** Opening Provided material block **

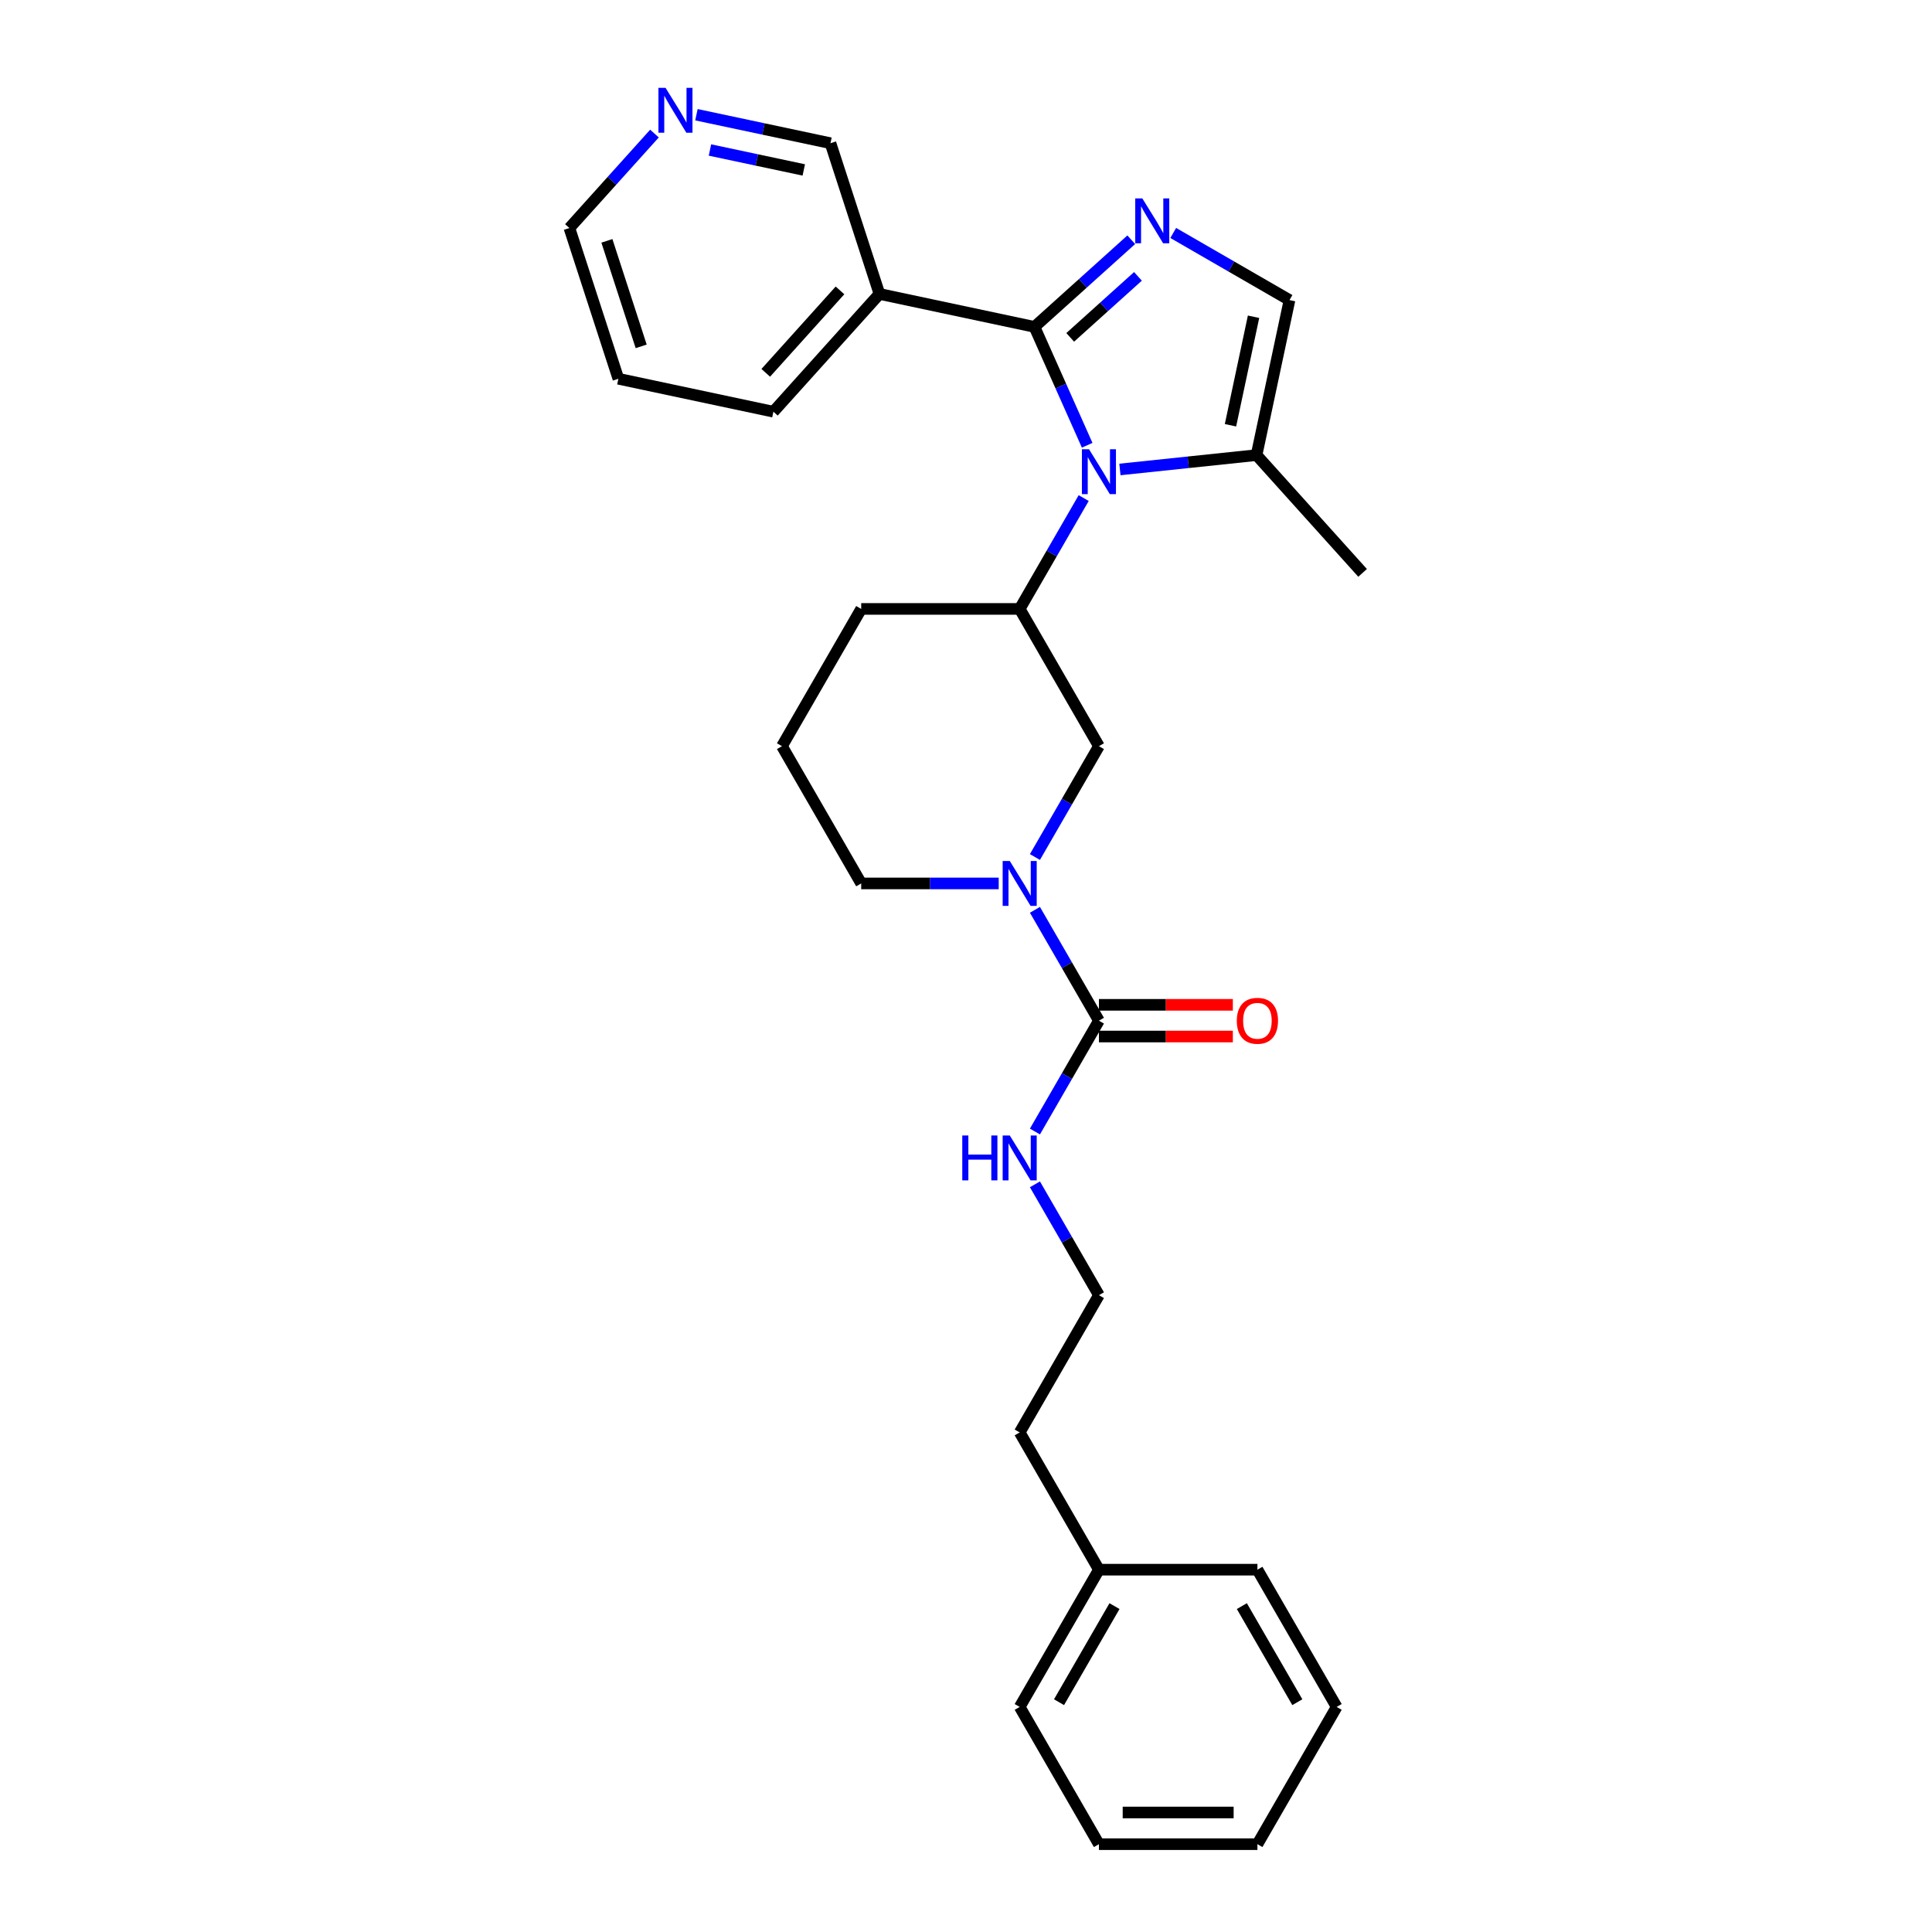 <?xml version='1.0' encoding='iso-8859-1'?>
<svg version='1.1' baseProfile='full'
              xmlns='http://www.w3.org/2000/svg'
                      xmlns:rdkit='http://www.rdkit.org/xml'
                      xmlns:xlink='http://www.w3.org/1999/xlink'
                  xml:space='preserve'
width='1000px' height='1000px' viewBox='0 0 1000 1000'>
<!-- END OF HEADER -->
<rect style='opacity:1.0;fill:#FFFFFF;stroke:none' width='1000' height='1000' x='0' y='0'> </rect>
<path class='bond-0' d='M 535.44,169.197 L 549.08,199.833' style='fill:none;fill-rule:evenodd;stroke:#000000;stroke-width:6px;stroke-linecap:butt;stroke-linejoin:miter;stroke-opacity:1' />
<path class='bond-0' d='M 549.08,199.833 L 562.72,230.469' style='fill:none;fill-rule:evenodd;stroke:#0000FF;stroke-width:6px;stroke-linecap:butt;stroke-linejoin:miter;stroke-opacity:1' />
<path class='bond-1' d='M 535.44,169.197 L 560.49,146.642' style='fill:none;fill-rule:evenodd;stroke:#000000;stroke-width:6px;stroke-linecap:butt;stroke-linejoin:miter;stroke-opacity:1' />
<path class='bond-1' d='M 560.49,146.642 L 585.54,124.086' style='fill:none;fill-rule:evenodd;stroke:#0000FF;stroke-width:6px;stroke-linecap:butt;stroke-linejoin:miter;stroke-opacity:1' />
<path class='bond-1' d='M 553.933,174.622 L 571.468,158.834' style='fill:none;fill-rule:evenodd;stroke:#000000;stroke-width:6px;stroke-linecap:butt;stroke-linejoin:miter;stroke-opacity:1' />
<path class='bond-1' d='M 571.468,158.834 L 589.003,143.045' style='fill:none;fill-rule:evenodd;stroke:#0000FF;stroke-width:6px;stroke-linecap:butt;stroke-linejoin:miter;stroke-opacity:1' />
<path class='bond-7' d='M 535.44,169.197 L 455.201,152.142' style='fill:none;fill-rule:evenodd;stroke:#000000;stroke-width:6px;stroke-linecap:butt;stroke-linejoin:miter;stroke-opacity:1' />
<path class='bond-4' d='M 560.914,257.802 L 544.352,286.489' style='fill:none;fill-rule:evenodd;stroke:#0000FF;stroke-width:6px;stroke-linecap:butt;stroke-linejoin:miter;stroke-opacity:1' />
<path class='bond-4' d='M 544.352,286.489 L 527.789,315.177' style='fill:none;fill-rule:evenodd;stroke:#000000;stroke-width:6px;stroke-linecap:butt;stroke-linejoin:miter;stroke-opacity:1' />
<path class='bond-5' d='M 579.666,242.994 L 615.026,239.278' style='fill:none;fill-rule:evenodd;stroke:#0000FF;stroke-width:6px;stroke-linecap:butt;stroke-linejoin:miter;stroke-opacity:1' />
<path class='bond-5' d='M 615.026,239.278 L 650.386,235.561' style='fill:none;fill-rule:evenodd;stroke:#000000;stroke-width:6px;stroke-linecap:butt;stroke-linejoin:miter;stroke-opacity:1' />
<path class='bond-6' d='M 607.261,120.578 L 637.351,137.95' style='fill:none;fill-rule:evenodd;stroke:#0000FF;stroke-width:6px;stroke-linecap:butt;stroke-linejoin:miter;stroke-opacity:1' />
<path class='bond-6' d='M 637.351,137.95 L 667.442,155.323' style='fill:none;fill-rule:evenodd;stroke:#000000;stroke-width:6px;stroke-linecap:butt;stroke-linejoin:miter;stroke-opacity:1' />
<path class='bond-2' d='M 535.679,443.592 L 552.242,414.905' style='fill:none;fill-rule:evenodd;stroke:#0000FF;stroke-width:6px;stroke-linecap:butt;stroke-linejoin:miter;stroke-opacity:1' />
<path class='bond-2' d='M 552.242,414.905 L 568.805,386.218' style='fill:none;fill-rule:evenodd;stroke:#000000;stroke-width:6px;stroke-linecap:butt;stroke-linejoin:miter;stroke-opacity:1' />
<path class='bond-3' d='M 535.679,470.925 L 552.242,499.612' style='fill:none;fill-rule:evenodd;stroke:#0000FF;stroke-width:6px;stroke-linecap:butt;stroke-linejoin:miter;stroke-opacity:1' />
<path class='bond-3' d='M 552.242,499.612 L 568.805,528.3' style='fill:none;fill-rule:evenodd;stroke:#000000;stroke-width:6px;stroke-linecap:butt;stroke-linejoin:miter;stroke-opacity:1' />
<path class='bond-30' d='M 516.928,457.259 L 481.343,457.259' style='fill:none;fill-rule:evenodd;stroke:#0000FF;stroke-width:6px;stroke-linecap:butt;stroke-linejoin:miter;stroke-opacity:1' />
<path class='bond-30' d='M 481.343,457.259 L 445.758,457.259' style='fill:none;fill-rule:evenodd;stroke:#000000;stroke-width:6px;stroke-linecap:butt;stroke-linejoin:miter;stroke-opacity:1' />
<path class='bond-9' d='M 568.805,536.503 L 603.463,536.503' style='fill:none;fill-rule:evenodd;stroke:#000000;stroke-width:6px;stroke-linecap:butt;stroke-linejoin:miter;stroke-opacity:1' />
<path class='bond-9' d='M 603.463,536.503 L 638.121,536.503' style='fill:none;fill-rule:evenodd;stroke:#FF0000;stroke-width:6px;stroke-linecap:butt;stroke-linejoin:miter;stroke-opacity:1' />
<path class='bond-9' d='M 568.805,520.097 L 603.463,520.097' style='fill:none;fill-rule:evenodd;stroke:#000000;stroke-width:6px;stroke-linecap:butt;stroke-linejoin:miter;stroke-opacity:1' />
<path class='bond-9' d='M 603.463,520.097 L 638.121,520.097' style='fill:none;fill-rule:evenodd;stroke:#FF0000;stroke-width:6px;stroke-linecap:butt;stroke-linejoin:miter;stroke-opacity:1' />
<path class='bond-10' d='M 568.805,528.3 L 552.242,556.987' style='fill:none;fill-rule:evenodd;stroke:#000000;stroke-width:6px;stroke-linecap:butt;stroke-linejoin:miter;stroke-opacity:1' />
<path class='bond-10' d='M 552.242,556.987 L 535.679,585.674' style='fill:none;fill-rule:evenodd;stroke:#0000FF;stroke-width:6px;stroke-linecap:butt;stroke-linejoin:miter;stroke-opacity:1' />
<path class='bond-8' d='M 527.789,315.177 L 568.805,386.218' style='fill:none;fill-rule:evenodd;stroke:#000000;stroke-width:6px;stroke-linecap:butt;stroke-linejoin:miter;stroke-opacity:1' />
<path class='bond-14' d='M 527.789,315.177 L 445.758,315.177' style='fill:none;fill-rule:evenodd;stroke:#000000;stroke-width:6px;stroke-linecap:butt;stroke-linejoin:miter;stroke-opacity:1' />
<path class='bond-17' d='M 650.386,235.561 L 705.276,296.522' style='fill:none;fill-rule:evenodd;stroke:#000000;stroke-width:6px;stroke-linecap:butt;stroke-linejoin:miter;stroke-opacity:1' />
<path class='bond-28' d='M 650.386,235.561 L 667.442,155.323' style='fill:none;fill-rule:evenodd;stroke:#000000;stroke-width:6px;stroke-linecap:butt;stroke-linejoin:miter;stroke-opacity:1' />
<path class='bond-28' d='M 636.897,220.114 L 648.836,163.947' style='fill:none;fill-rule:evenodd;stroke:#000000;stroke-width:6px;stroke-linecap:butt;stroke-linejoin:miter;stroke-opacity:1' />
<path class='bond-12' d='M 455.201,152.142 L 429.852,74.125' style='fill:none;fill-rule:evenodd;stroke:#000000;stroke-width:6px;stroke-linecap:butt;stroke-linejoin:miter;stroke-opacity:1' />
<path class='bond-16' d='M 455.201,152.142 L 400.312,213.102' style='fill:none;fill-rule:evenodd;stroke:#000000;stroke-width:6px;stroke-linecap:butt;stroke-linejoin:miter;stroke-opacity:1' />
<path class='bond-16' d='M 434.776,150.308 L 396.353,192.98' style='fill:none;fill-rule:evenodd;stroke:#000000;stroke-width:6px;stroke-linecap:butt;stroke-linejoin:miter;stroke-opacity:1' />
<path class='bond-15' d='M 535.679,613.007 L 552.242,641.694' style='fill:none;fill-rule:evenodd;stroke:#0000FF;stroke-width:6px;stroke-linecap:butt;stroke-linejoin:miter;stroke-opacity:1' />
<path class='bond-15' d='M 552.242,641.694 L 568.805,670.382' style='fill:none;fill-rule:evenodd;stroke:#000000;stroke-width:6px;stroke-linecap:butt;stroke-linejoin:miter;stroke-opacity:1' />
<path class='bond-11' d='M 360.475,59.379 L 395.163,66.752' style='fill:none;fill-rule:evenodd;stroke:#0000FF;stroke-width:6px;stroke-linecap:butt;stroke-linejoin:miter;stroke-opacity:1' />
<path class='bond-11' d='M 395.163,66.752 L 429.852,74.125' style='fill:none;fill-rule:evenodd;stroke:#000000;stroke-width:6px;stroke-linecap:butt;stroke-linejoin:miter;stroke-opacity:1' />
<path class='bond-11' d='M 367.47,77.638 L 391.752,82.8' style='fill:none;fill-rule:evenodd;stroke:#0000FF;stroke-width:6px;stroke-linecap:butt;stroke-linejoin:miter;stroke-opacity:1' />
<path class='bond-11' d='M 391.752,82.8 L 416.034,87.961' style='fill:none;fill-rule:evenodd;stroke:#000000;stroke-width:6px;stroke-linecap:butt;stroke-linejoin:miter;stroke-opacity:1' />
<path class='bond-29' d='M 338.753,69.132 L 316.738,93.582' style='fill:none;fill-rule:evenodd;stroke:#0000FF;stroke-width:6px;stroke-linecap:butt;stroke-linejoin:miter;stroke-opacity:1' />
<path class='bond-29' d='M 316.738,93.582 L 294.724,118.031' style='fill:none;fill-rule:evenodd;stroke:#000000;stroke-width:6px;stroke-linecap:butt;stroke-linejoin:miter;stroke-opacity:1' />
<path class='bond-13' d='M 445.758,457.259 L 404.743,386.218' style='fill:none;fill-rule:evenodd;stroke:#000000;stroke-width:6px;stroke-linecap:butt;stroke-linejoin:miter;stroke-opacity:1' />
<path class='bond-19' d='M 445.758,315.177 L 404.743,386.218' style='fill:none;fill-rule:evenodd;stroke:#000000;stroke-width:6px;stroke-linecap:butt;stroke-linejoin:miter;stroke-opacity:1' />
<path class='bond-21' d='M 568.805,670.382 L 527.789,741.423' style='fill:none;fill-rule:evenodd;stroke:#000000;stroke-width:6px;stroke-linecap:butt;stroke-linejoin:miter;stroke-opacity:1' />
<path class='bond-24' d='M 400.312,213.102 L 320.073,196.047' style='fill:none;fill-rule:evenodd;stroke:#000000;stroke-width:6px;stroke-linecap:butt;stroke-linejoin:miter;stroke-opacity:1' />
<path class='bond-18' d='M 568.805,812.464 L 527.789,741.423' style='fill:none;fill-rule:evenodd;stroke:#000000;stroke-width:6px;stroke-linecap:butt;stroke-linejoin:miter;stroke-opacity:1' />
<path class='bond-22' d='M 568.805,812.464 L 527.789,883.504' style='fill:none;fill-rule:evenodd;stroke:#000000;stroke-width:6px;stroke-linecap:butt;stroke-linejoin:miter;stroke-opacity:1' />
<path class='bond-22' d='M 576.861,831.323 L 548.15,881.051' style='fill:none;fill-rule:evenodd;stroke:#000000;stroke-width:6px;stroke-linecap:butt;stroke-linejoin:miter;stroke-opacity:1' />
<path class='bond-23' d='M 568.805,812.464 L 650.836,812.464' style='fill:none;fill-rule:evenodd;stroke:#000000;stroke-width:6px;stroke-linecap:butt;stroke-linejoin:miter;stroke-opacity:1' />
<path class='bond-20' d='M 294.724,118.031 L 320.073,196.047' style='fill:none;fill-rule:evenodd;stroke:#000000;stroke-width:6px;stroke-linecap:butt;stroke-linejoin:miter;stroke-opacity:1' />
<path class='bond-20' d='M 314.13,124.664 L 331.874,179.275' style='fill:none;fill-rule:evenodd;stroke:#000000;stroke-width:6px;stroke-linecap:butt;stroke-linejoin:miter;stroke-opacity:1' />
<path class='bond-26' d='M 527.789,883.504 L 568.805,954.545' style='fill:none;fill-rule:evenodd;stroke:#000000;stroke-width:6px;stroke-linecap:butt;stroke-linejoin:miter;stroke-opacity:1' />
<path class='bond-25' d='M 650.836,812.464 L 691.851,883.504' style='fill:none;fill-rule:evenodd;stroke:#000000;stroke-width:6px;stroke-linecap:butt;stroke-linejoin:miter;stroke-opacity:1' />
<path class='bond-25' d='M 642.78,831.323 L 671.491,881.051' style='fill:none;fill-rule:evenodd;stroke:#000000;stroke-width:6px;stroke-linecap:butt;stroke-linejoin:miter;stroke-opacity:1' />
<path class='bond-27' d='M 691.851,883.504 L 650.836,954.545' style='fill:none;fill-rule:evenodd;stroke:#000000;stroke-width:6px;stroke-linecap:butt;stroke-linejoin:miter;stroke-opacity:1' />
<path class='bond-31' d='M 568.805,954.545 L 650.836,954.545' style='fill:none;fill-rule:evenodd;stroke:#000000;stroke-width:6px;stroke-linecap:butt;stroke-linejoin:miter;stroke-opacity:1' />
<path class='bond-31' d='M 581.109,938.139 L 638.531,938.139' style='fill:none;fill-rule:evenodd;stroke:#000000;stroke-width:6px;stroke-linecap:butt;stroke-linejoin:miter;stroke-opacity:1' />
<path  class='atom-1' d='M 563.669 232.52
L 571.282 244.825
Q 572.037 246.039, 573.251 248.237
Q 574.465 250.436, 574.53 250.567
L 574.53 232.52
L 577.615 232.52
L 577.615 255.751
L 574.432 255.751
L 566.262 242.298
Q 565.31 240.723, 564.293 238.919
Q 563.309 237.114, 563.013 236.556
L 563.013 255.751
L 559.995 255.751
L 559.995 232.52
L 563.669 232.52
' fill='#0000FF'/>
<path  class='atom-2' d='M 591.265 102.692
L 598.878 114.996
Q 599.633 116.21, 600.847 118.409
Q 602.061 120.607, 602.126 120.738
L 602.126 102.692
L 605.211 102.692
L 605.211 125.923
L 602.028 125.923
L 593.858 112.47
Q 592.906 110.895, 591.889 109.09
Q 590.904 107.285, 590.609 106.728
L 590.609 125.923
L 587.59 125.923
L 587.59 102.692
L 591.265 102.692
' fill='#0000FF'/>
<path  class='atom-3' d='M 522.654 445.643
L 530.266 457.948
Q 531.021 459.162, 532.235 461.36
Q 533.449 463.559, 533.515 463.69
L 533.515 445.643
L 536.599 445.643
L 536.599 468.874
L 533.416 468.874
L 525.246 455.421
Q 524.295 453.846, 523.277 452.042
Q 522.293 450.237, 521.998 449.679
L 521.998 468.874
L 518.979 468.874
L 518.979 445.643
L 522.654 445.643
' fill='#0000FF'/>
<path  class='atom-10' d='M 640.172 528.365
Q 640.172 522.787, 642.928 519.67
Q 645.684 516.553, 650.836 516.553
Q 655.987 516.553, 658.743 519.67
Q 661.5 522.787, 661.5 528.365
Q 661.5 534.009, 658.711 537.225
Q 655.922 540.407, 650.836 540.407
Q 645.717 540.407, 642.928 537.225
Q 640.172 534.042, 640.172 528.365
M 650.836 537.782
Q 654.379 537.782, 656.283 535.42
Q 658.218 533.025, 658.218 528.365
Q 658.218 523.804, 656.283 521.507
Q 654.379 519.178, 650.836 519.178
Q 647.292 519.178, 645.356 521.475
Q 643.453 523.772, 643.453 528.365
Q 643.453 533.057, 645.356 535.42
Q 647.292 537.782, 650.836 537.782
' fill='#FF0000'/>
<path  class='atom-11' d='M 498.077 587.725
L 501.227 587.725
L 501.227 597.602
L 513.106 597.602
L 513.106 587.725
L 516.256 587.725
L 516.256 610.956
L 513.106 610.956
L 513.106 600.227
L 501.227 600.227
L 501.227 610.956
L 498.077 610.956
L 498.077 587.725
' fill='#0000FF'/>
<path  class='atom-11' d='M 522.654 587.725
L 530.266 600.03
Q 531.021 601.244, 532.235 603.442
Q 533.449 605.641, 533.515 605.772
L 533.515 587.725
L 536.599 587.725
L 536.599 610.956
L 533.416 610.956
L 525.246 597.503
Q 524.295 595.928, 523.277 594.123
Q 522.293 592.319, 521.998 591.761
L 521.998 610.956
L 518.979 610.956
L 518.979 587.725
L 522.654 587.725
' fill='#0000FF'/>
<path  class='atom-12' d='M 344.479 45.455
L 352.091 57.759
Q 352.846 58.973, 354.06 61.172
Q 355.274 63.37, 355.339 63.501
L 355.339 45.455
L 358.424 45.455
L 358.424 68.686
L 355.241 68.686
L 347.071 55.233
Q 346.119 53.658, 345.102 51.853
Q 344.118 50.048, 343.822 49.49
L 343.822 68.686
L 340.804 68.686
L 340.804 45.455
L 344.479 45.455
' fill='#0000FF'/>
</svg>

** Closing Provided material block **

▸ **Task item**: Everything from the line containing "L 513.106 600.227" through the last line of the records must be given again exactly; leave out all other lines.

▸ **Answer section**:
L 513.106 600.227
L 501.227 600.227
L 501.227 610.956
L 498.077 610.956
L 498.077 587.725
' fill='#0000FF'/>
<path  class='atom-11' d='M 522.654 587.725
L 530.266 600.03
Q 531.021 601.244, 532.235 603.442
Q 533.449 605.641, 533.515 605.772
L 533.515 587.725
L 536.599 587.725
L 536.599 610.956
L 533.416 610.956
L 525.246 597.503
Q 524.295 595.928, 523.277 594.123
Q 522.293 592.319, 521.998 591.761
L 521.998 610.956
L 518.979 610.956
L 518.979 587.725
L 522.654 587.725
' fill='#0000FF'/>
<path  class='atom-12' d='M 344.479 45.455
L 352.091 57.759
Q 352.846 58.973, 354.06 61.172
Q 355.274 63.37, 355.339 63.501
L 355.339 45.455
L 358.424 45.455
L 358.424 68.686
L 355.241 68.686
L 347.071 55.233
Q 346.119 53.658, 345.102 51.853
Q 344.118 50.048, 343.822 49.49
L 343.822 68.686
L 340.804 68.686
L 340.804 45.455
L 344.479 45.455
' fill='#0000FF'/>
</svg>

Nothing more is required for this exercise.